Print every line of the listing below, starting with the line that holds "second land cover: Grassland" and going on through the line that holds "longitude: -0.0027", both included, and print nothing else.

▶ DATA:
######
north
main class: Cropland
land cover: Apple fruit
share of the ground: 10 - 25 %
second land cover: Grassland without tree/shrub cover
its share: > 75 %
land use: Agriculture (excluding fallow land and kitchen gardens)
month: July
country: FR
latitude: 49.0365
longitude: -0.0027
######
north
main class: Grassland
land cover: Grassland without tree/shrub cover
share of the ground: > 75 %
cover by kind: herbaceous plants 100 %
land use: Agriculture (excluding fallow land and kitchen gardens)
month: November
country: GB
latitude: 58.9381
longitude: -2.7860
######
▶ TASK OUTPUT:
second land cover: Grassland without tree/shrub cover
its share: > 75 %
land use: Agriculture (excluding fallow land and kitchen gardens)
month: July
country: FR
latitude: 49.0365
longitude: -0.0027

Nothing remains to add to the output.